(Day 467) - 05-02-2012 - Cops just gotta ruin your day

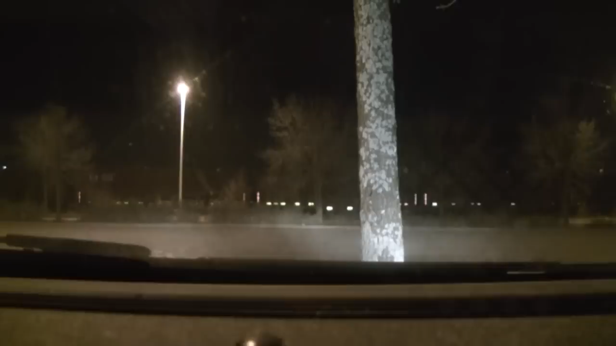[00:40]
Okay, I'm going to try this on the car mount again. I got manual focus turned on and amongst other things. I'm going to rush down, pick up Garrett and I want to film the trip down and see if the footage gets all dickered. So for the next part of the trip, I'm not going to talk. You're going to have music to listen to. Oh, and video to watch. All right, timer down.
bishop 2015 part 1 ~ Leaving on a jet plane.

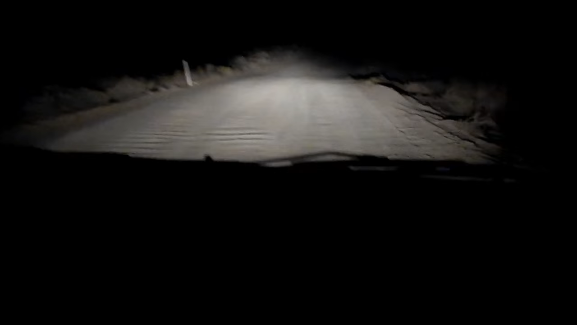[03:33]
alright buttermilk lane we have just I wanted to say step foot we're not stepping our feet because well we're in a car but we've just turned on to buttermilk lane and we're driving out to the buttermilk boulders it is yeah
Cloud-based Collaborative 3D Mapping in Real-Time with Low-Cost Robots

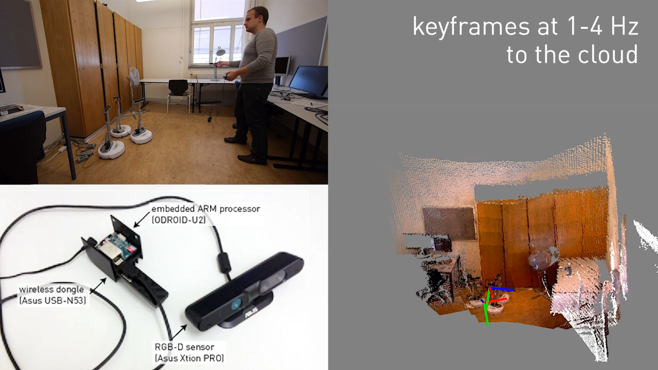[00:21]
When the camera has moved for a certain distance or angle, a new keyframe is extracted and sent to the cloud. The second key component of our system is the cloud infrastructure.
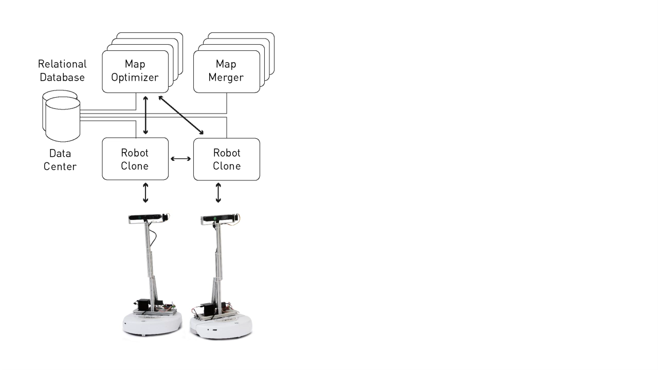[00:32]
The cloud stores all keyframes, uses information from multiple robots to compute merged maps and
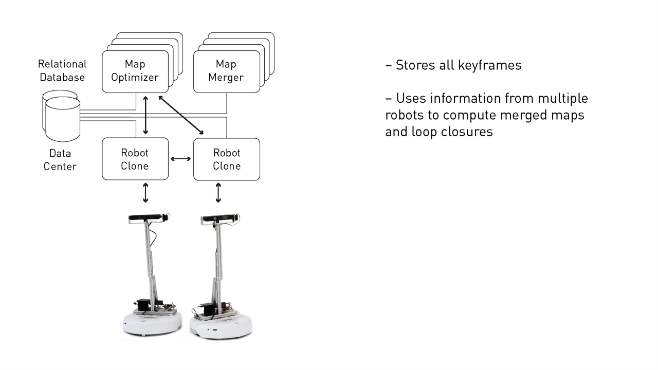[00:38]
loop closures and refines keyframe poses using global optimization.
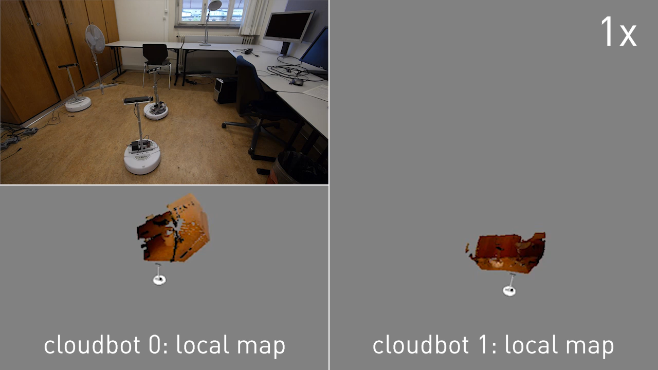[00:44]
Here we show an experiment where two robots are placed into the same environment and connected to the cloud. The cloud sends feedforward motion commands to the robots and they start building two initially separate maps of the room. The cloud computes refined keyframe poses and sends updates back to the robots. At the same time it also searches for matching keyframes between these two maps.
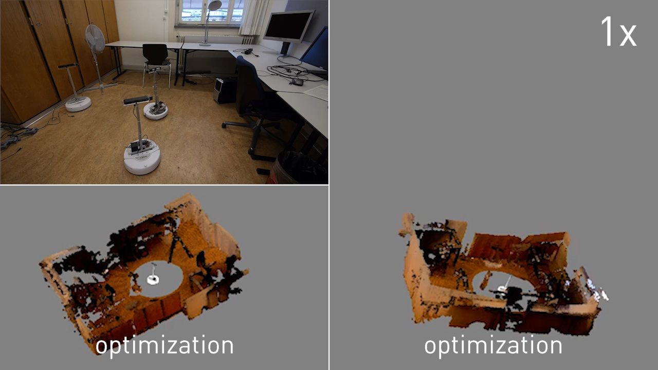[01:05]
Once a match is found, it computes a transformation and the separate maps are merged into one and a return to the robots.
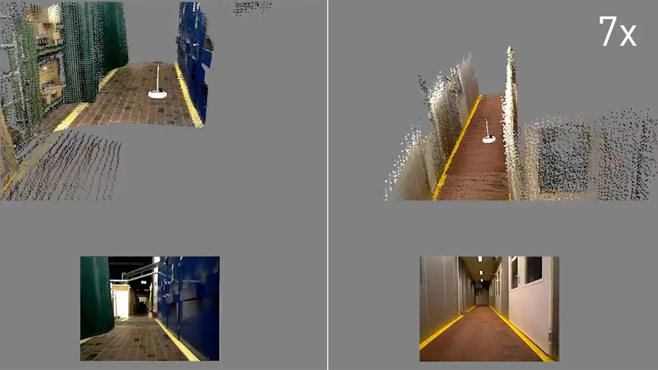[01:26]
Here we show another experiment where two robots were tele-operated through a large environment. Over time, accumulated errors result in inconsistent maps.
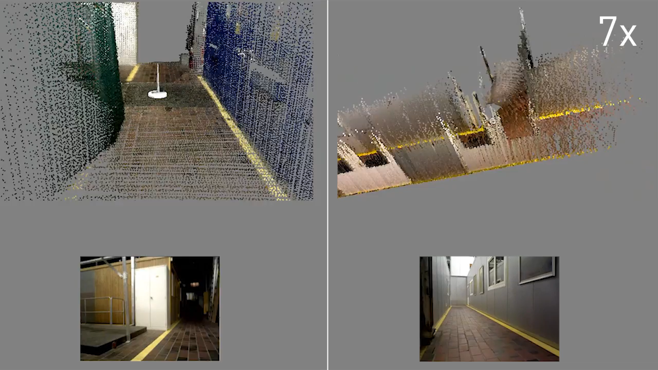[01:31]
Again, the cloud is used to store keyframes,
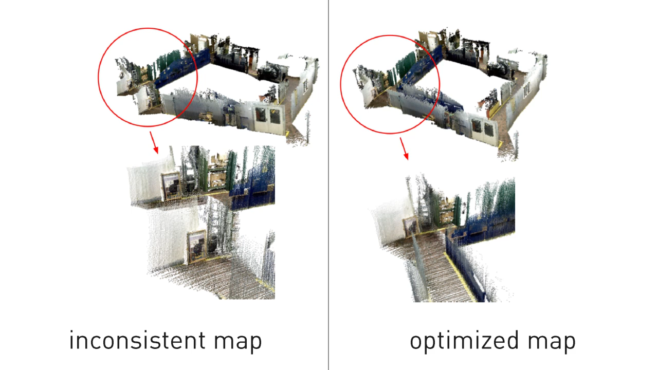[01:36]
to search for loop closures, optimize keyframe poses and combine information from both robots into a single map.
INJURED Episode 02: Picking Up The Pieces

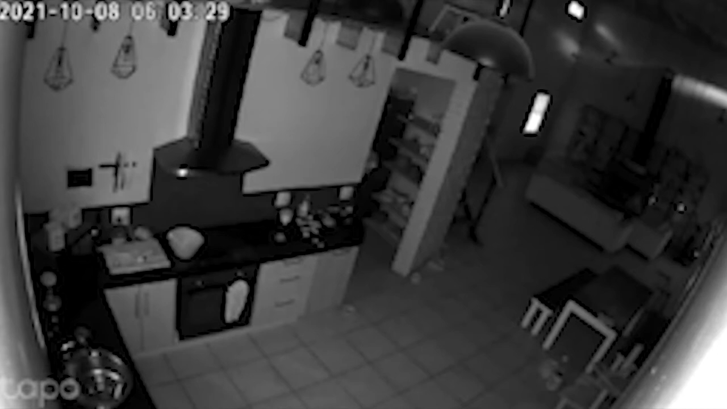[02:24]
The house has been broken into this morning. We were asleep, so we didn't hear anything. It doesn't look like there's all that much gone, but we'll have a look, and we're going to call the police now, and we'll let you know what the damages are. Let me know if there's anything else that we can do. We'll wait to hear back from you. And a few days later, they broke in again.
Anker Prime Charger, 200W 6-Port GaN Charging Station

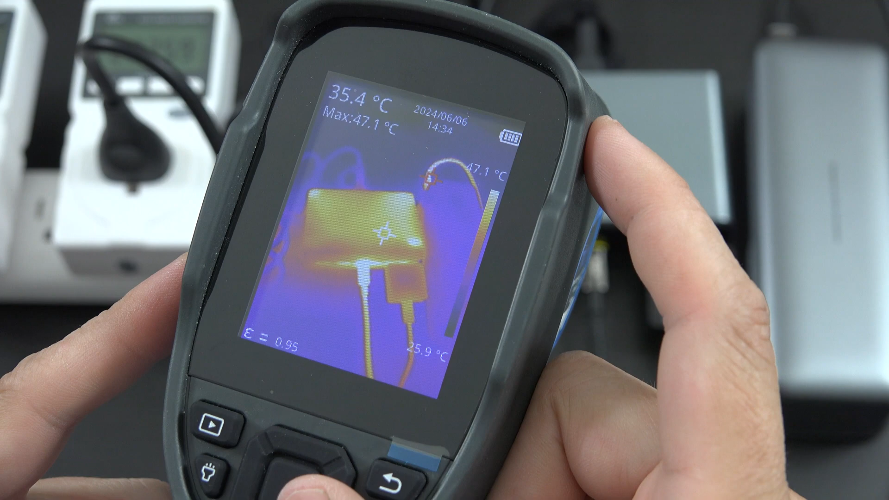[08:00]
On screen: spot 35.4°C, max 47.1°C, scale bottom 25.9°C
all right so if you can see my thing here it's showing that the hottest point is at 45 almost 40
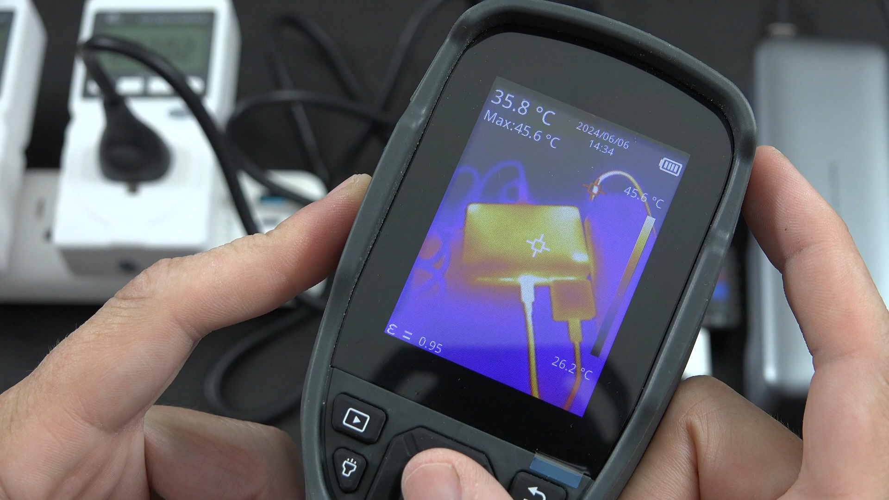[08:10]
On screen: spot 35.8°C, max 45.6°C, scale top 45.6°C, scale bottom 26.2°C
yeah the 46 celsius so the power bank which
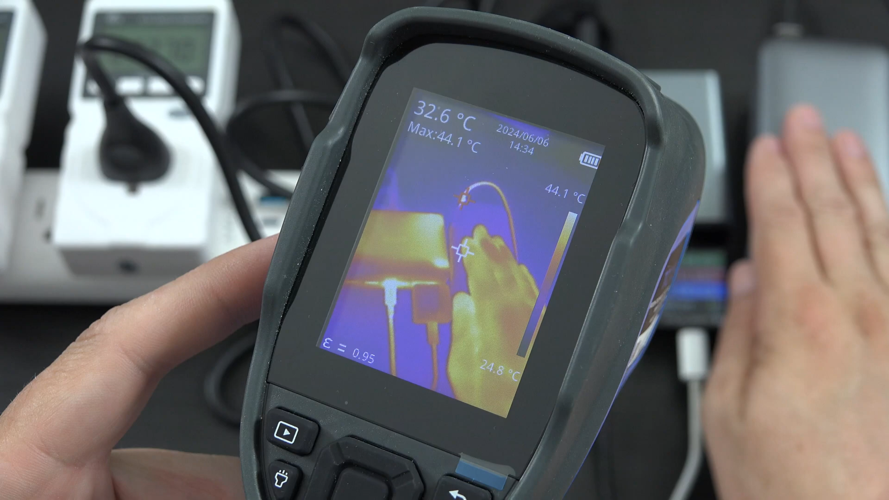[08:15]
On screen: spot 32.6°C, max 44.1°C, scale top 44.1°C, scale bottom 24.8°C
my hand is much hotter than the power bank so let's give this some time let's
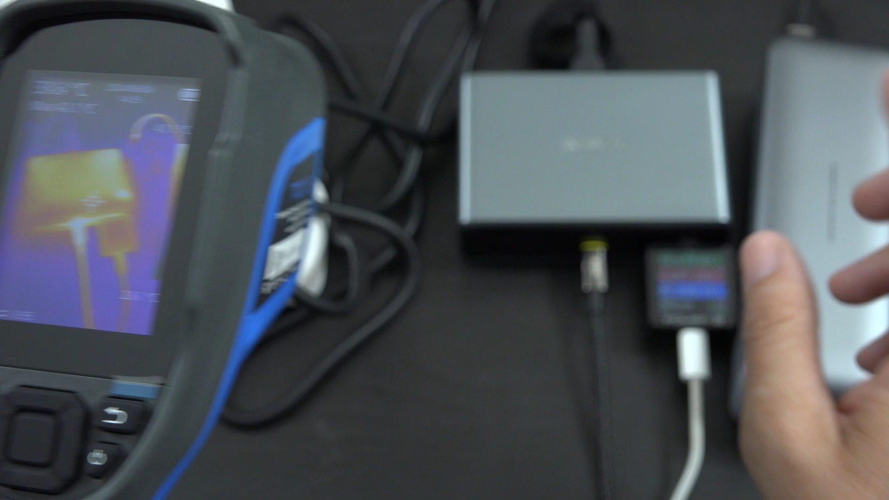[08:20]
• • • • •
**Task requirements**. Your answer should consist solely of the lines from the line with "Anker Prime Charger, 200W" to the final line of the listing, set down word for word, pictures omitted.

**Solution**.
Anker Prime Charger, 200W 6-Port GaN Charging Station

[08:00]
On screen: spot 35.4°C, max 47.1°C, scale bottom 25.9°C
all right so if you can see my thing here it's showing that the hottest point is at 45 almost 40
[08:10]
On screen: spot 35.8°C, max 45.6°C, scale top 45.6°C, scale bottom 26.2°C
yeah the 46 celsius so the power bank which
[08:15]
On screen: spot 32.6°C, max 44.1°C, scale top 44.1°C, scale bottom 24.8°C
my hand is much hotter than the power bank so let's give this some time let's
[08:20]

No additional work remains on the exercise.